31 agosto 2013 alle ore 15.37
COMUNICATO AD AMIICI, SIMPATIZZANTI ED INTERESSATI A VICENDE STORICHE
IN
PARTICOLARE SEGNALO IL SEGUENTE SCRITTO ALL'ATTENZIONE DEL SITO
"OSTFRONT AZUL"
RAPPRESAGLIA TEDESCA SU AVASINIS (Italia), 2 maggio 1945 E STRALCI DI STORIA SULLA
“
FREIWILLIGHEN EINHEIT”, UNITA’ CHE FU PRESENTE NELL’ “ADRIATISCHES
KÜSTENLAND” FORMATA DA SPAGNOLI EX APPARTENENTI ALLA BLAUEN DIVISION
ED AZUL LEGION,
(Prima puntata - Pubblicata dal Gazzettino di Venezia il 14 novembre 2005)
Vi
sono novità sulla rappresaglia di Avasinis che avrei potuto riferire da
tempo, ma la storia è lenta e ha bisogno di certezze. In pratica è ora
assodato che su Ospedaletto, villaggio a nord di Udine, vennero
concentrate, circa verso la metà di aprile 1945, varie unità Waffen SS.,
Schützen, Gebirgsjäger e reparti minori onde creare una base di pronto
intervento nel caso di attacchi partigiani sulla nazionale
Udine-Tarvisio a protezione dell’imminente defluire della ritirata
proveniente dal Veneto e dal fronte Sud/West (Italia) più esattamente
dalle ultime posizioni della linea di difesa sul fiume Po.
Erich
Kühbandner ufficiale della Karstjäger, promosso a Sturmbannfuehrer SS.
sul campo, a Moggio Udinese, nei primi giorni di maggio 1945 dal
Brigadenfuehrer Heinz Harmel subalterno del SS. Gruppenfuehrer Globocnik
comandante del fronte Val Canale/Tirolo, mi riferì, nel dopoguerra, sul
clima e sugli avvenimenti di quei giorni. Si percepivano, secondo
quanto ricordava, le tensioni del divenire che stava per rivelarsi di
minuto in minuto, ma c’era pure ancora una forte speranza per chi aveva
combattuto con fedeltà per il Terzo Reich.
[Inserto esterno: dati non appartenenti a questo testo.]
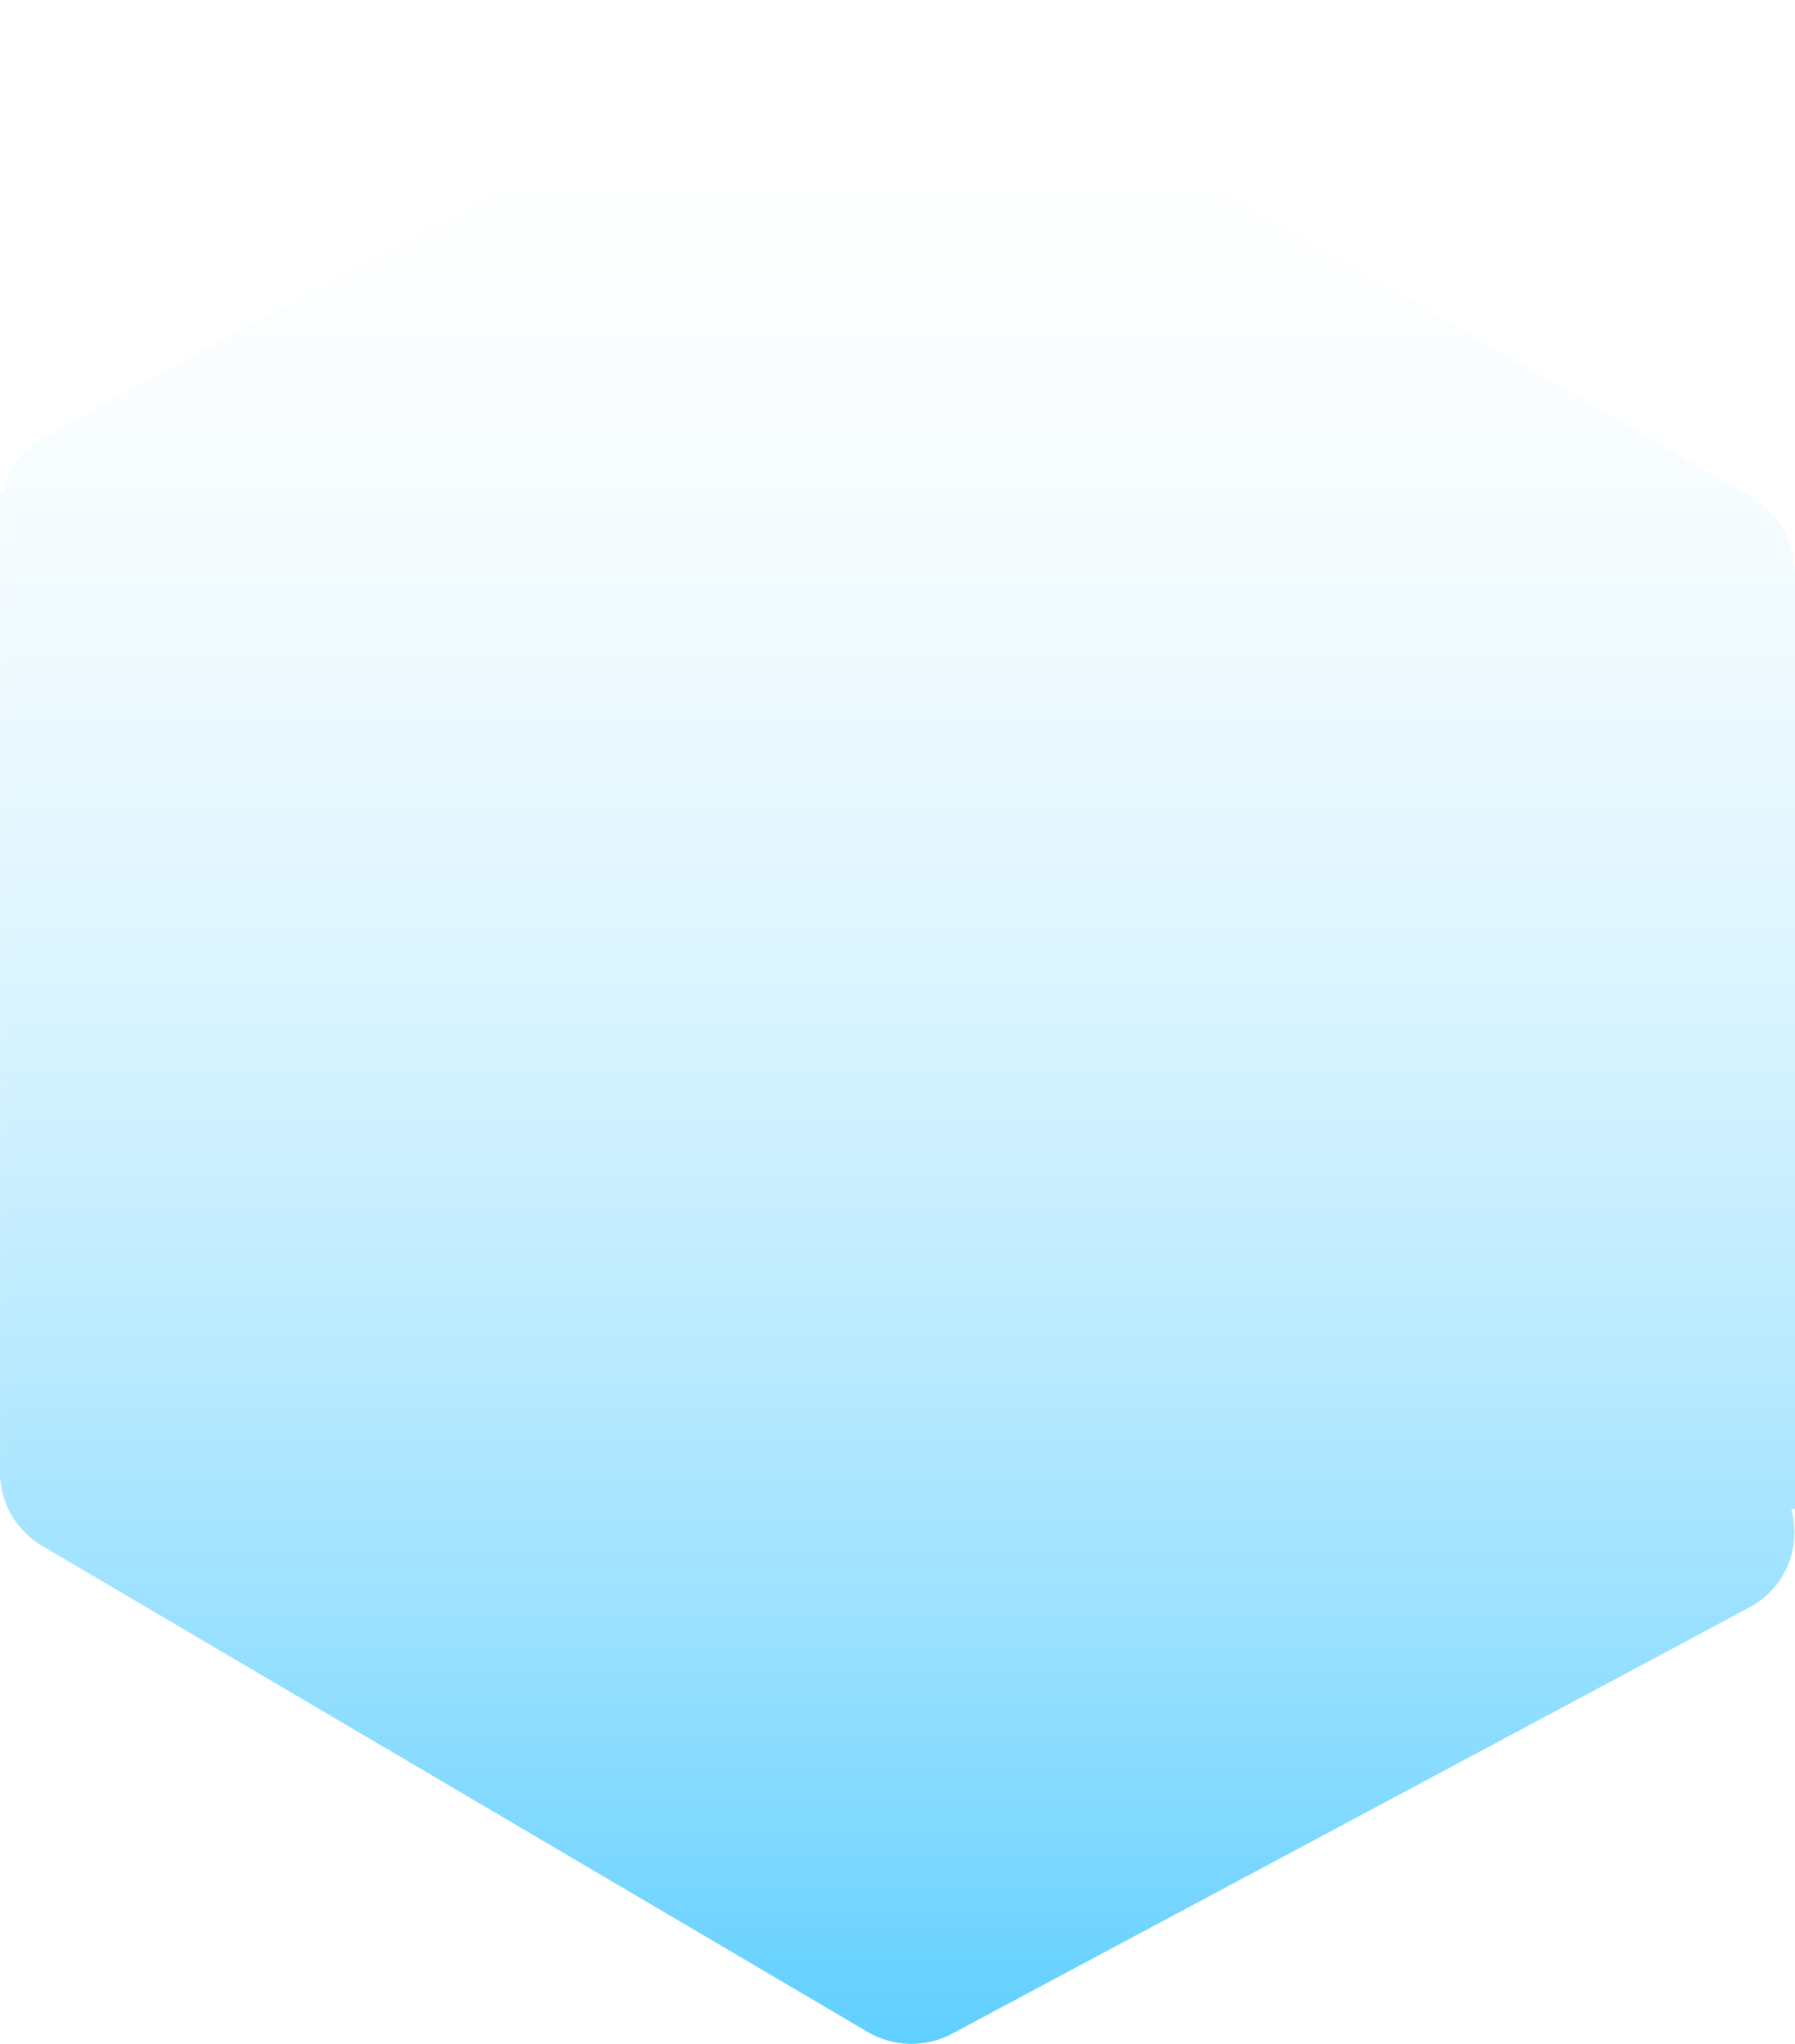 <svg width="108" height="123" viewBox="0 0 108 123" fill="none" xmlns="http://www.w3.org/2000/svg">
<path style="mix-blend-mode:overlay" d="M0 29.576L0.145 29.582C0.464 28.244 1.317 27.015 2.699 26.264L49.854 0.632C51.446 -0.235 53.377 -0.207 54.944 0.7L105.392 29.936C107.033 30.888 107.886 32.505 107.963 34.151H108V90.802H107.784C108.384 92.986 107.528 95.507 105.239 96.731L57.291 122.367C55.692 123.222 53.761 123.183 52.2 122.262L2.548 93.023C1.015 92.119 0.179 90.635 0.029 89.091H0.003V29.576H0Z" fill="url(#paint0_linear_3241_12017)"/>
<defs>
<linearGradient id="paint0_linear_3241_12017" x1="54" y1="122.981" x2="54" y2="-0" gradientUnits="userSpaceOnUse">
<stop stop-color="#60CFFF"/>
<stop offset="1" stop-color="white" stop-opacity="0"/>
</linearGradient>
</defs>
</svg>

Anch’egli era stato comandato
con un battaglione di Karstjäger, come altri ufficiali con le
rispettive forze della stessa brigata a protezione della ritirata. Venne
quindi a trovarsi proprio ad Ospedaletto e fu a quell’ altezza che,
sulla nazionale, dei partigiani che poi furono visti allontanarsi in
direzione di Avasinis, con degli attacchi sporadici causarono diversi
morti nelle colonne in ritirata. Di conseguenza, nel pomeriggio del
1°maggio 1945, alcune forze di protezione, come misura di sicurezza e
con funzione punitiva mediante rappresaglia, motivata dalle vittime,
vennero spostate da Ospedaletto verso Avasinis e si appostarono nei dintorni su un promontorio piazzando delle mitragliatrici.
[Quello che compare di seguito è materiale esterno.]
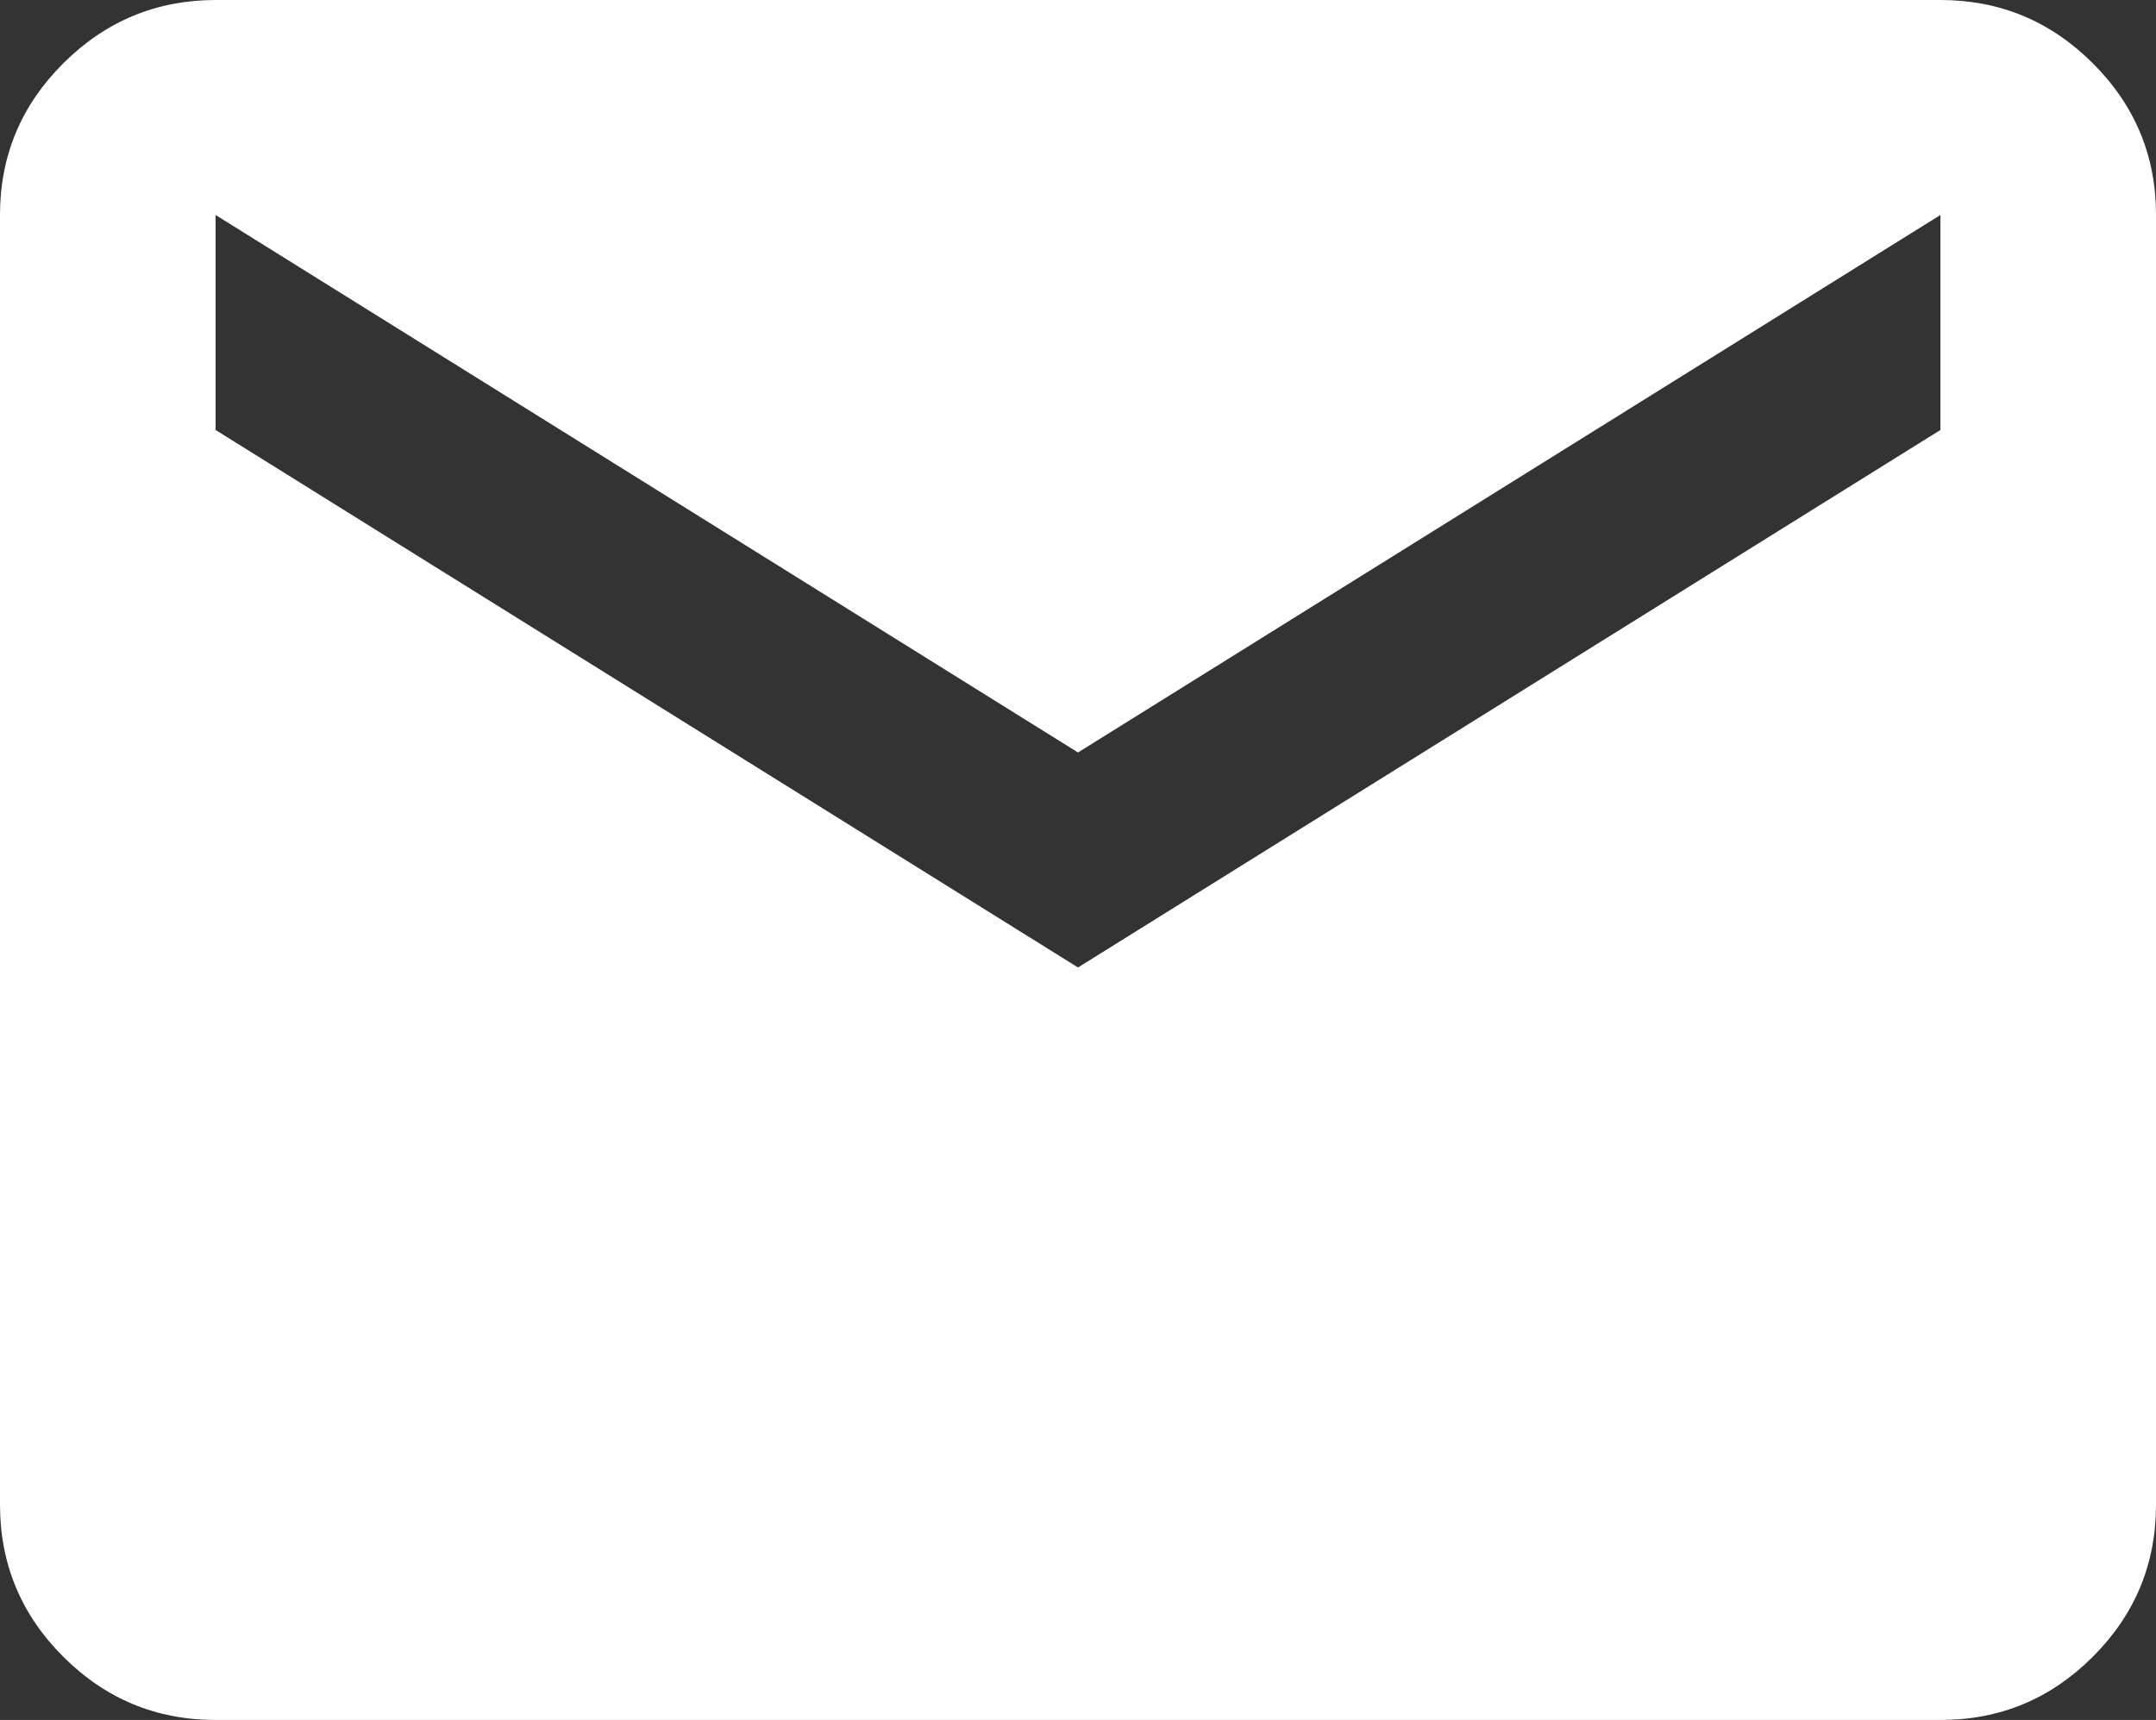 <?xml version="1.0" encoding="UTF-8"?> <svg xmlns="http://www.w3.org/2000/svg" width="198" height="158" viewBox="0 0 198 158" fill="none"><rect x="0" y="0" width="198" height="158" fill="#333333" stroke="none"/> <path d="M19.8 158C14.355 158 9.695 156.068 5.821 152.203C1.947 148.339 0.007 143.688 0 138.25V19.75C0 14.319 1.94 9.671 5.821 5.806C9.702 1.942 14.362 0.007 19.8 0H178.2C183.645 0 188.308 1.935 192.189 5.806C196.069 9.678 198.007 14.325 198 19.75V138.25C198 143.681 196.063 148.332 192.189 152.203C188.314 156.074 183.652 158.007 178.2 158H19.8ZM99 88.875L178.2 39.5V19.75L99 69.125L19.8 19.75V39.5L99 88.875Z" fill="white"></path> </svg>

Fu nel mattino del 2 maggio che tali forze, dopo aver tenuto sotto controllo il villaggio, lo occuparono e vi effettuarono la rappresaglia. Presero parte all'azione forze della Karstjager assieme a parte di un battaglione di complemento della 7 SS. Gebirgs Division Prinz Eugen, stazionato a Gradisca d'Isonzo e in parte nel Castello di Duino, in quest’ ultimo caso quale componente della Scuola
antiguerriglia ivi costituita con funzioni di addestramento. Il
battaglione, negli ultimi tempi, era stato affiancato per non dire
inglobato, nelle azioni antiguerriglia, alla Karstjäger Brigade.
Nel
dopoguerra, assieme a mia moglie Wanda, fui ospite di Kühbandner in
Germania, nella sua casa accogliente con sauna e ogni comodità. Era
imparentato quale cognato con l’allora ministro dell’economia Strauss,
uno degli uomini politici allora più autorevoli della Germania e
svolgeva, con ottimi profitti, attività di rappresentanza. Fu spesso in
Italia. Tornò anche a Tolmezzo, dove aveva avuto un’amante donna che mi
fu dato di conoscere bene.
A prescindere da ciò ho riascoltato di recente delle
mie preziose registrazioni fatte ad Avasinis sulla rappresaglia del 2
maggio 195, oltre trent’anni fa. Diverse donne ed uomini, testimoni
della rappresaglia, raccontano ciascuno la propria storia fatta di
particolari. Bisogna riascoltarle, quelle registrazioni, mentre il
nastro si svolge lentamente. E allora ti rendi conto che le
testimonianze sono precise e sincere rese nell’idioma friulano del
luogo. Si tratta o diciamo si trattava di gente che aveva avuto delle
vittime, sofferto, pianto disperatamente, provato paure: donne che al
tempo della rappresaglia avevano 10 anni, oppure 15,16. Nelle
testimonianze esse ricordano che i tedeschi camminavano per le viuzze
lastricate del paese con pesante rumore di passi, in quanto calzavano
scarponi da montagna e non quindi gli stivali. Si trattava appunto di
truppe alpine, e cioè di Karstjäger, Prinz Eugen ed altri su cui vengo a
riferire nel prosieguo.
Le testimonianze sono di Anita Del
Fabbro, classe 1935, Rina Da Mora, Anna Di Doi, Maria Rodaro… e di
qualche uomo. Una di esse ricorda :
“ Ci avevano
ammassate in una stanza a pian terreno, nella quale avevano oscurato le
finestre con delle coperte, una specie di carcere. Eravamo qualche
decina con alcuni uomini. Dei tedeschi ci davano della cioccolata e
altro per tenerci buone, mentre altri, quelli che avevano ucciso e
continuavano ad uccidere, giravano per il paese e si sentivano spari,
grida e pianti. Anch’io gridavo, volevo raggiungere la mia casa per
vedere di mia madre. Un giovane tedesco, vero tedesco, disse che mi
avrebbe accompagnata e quindi lo seguii. Era garbato. Mi confidò che
la sua famiglia, in Germania, era stata distrutta dai bombardamenti.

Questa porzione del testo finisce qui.